• WHAT TO PRODUCE
With pictures left out, retype exactly the lines from the one containing "H&E-stained tissue: Cervix" through the final line of the entries.

• THE DATA

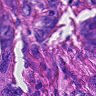
Metastatic tissue present: yes
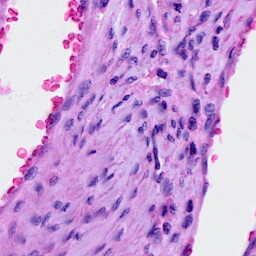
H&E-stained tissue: Cervix
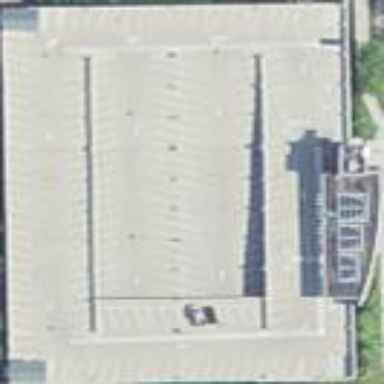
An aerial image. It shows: Multi-storey parking building.
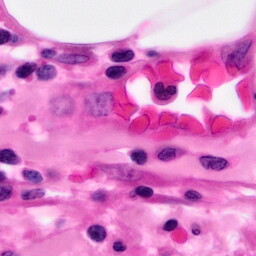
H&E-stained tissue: Pancreatic
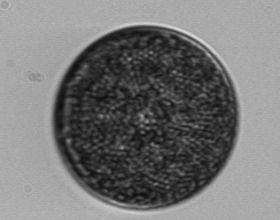
Label: Coscinodiscus
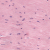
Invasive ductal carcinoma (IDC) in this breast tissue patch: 0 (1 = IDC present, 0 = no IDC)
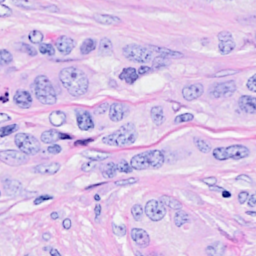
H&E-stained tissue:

• SOLVED EXERCISE
H&E-stained tissue: Cervix
An aerial image. It shows: Multi-storey parking building.
H&E-stained tissue: Pancreatic
Label: Coscinodiscus
Invasive ductal carcinoma (IDC) in this breast tissue patch: 0 (1 = IDC present, 0 = no IDC)
H&E-stained tissue:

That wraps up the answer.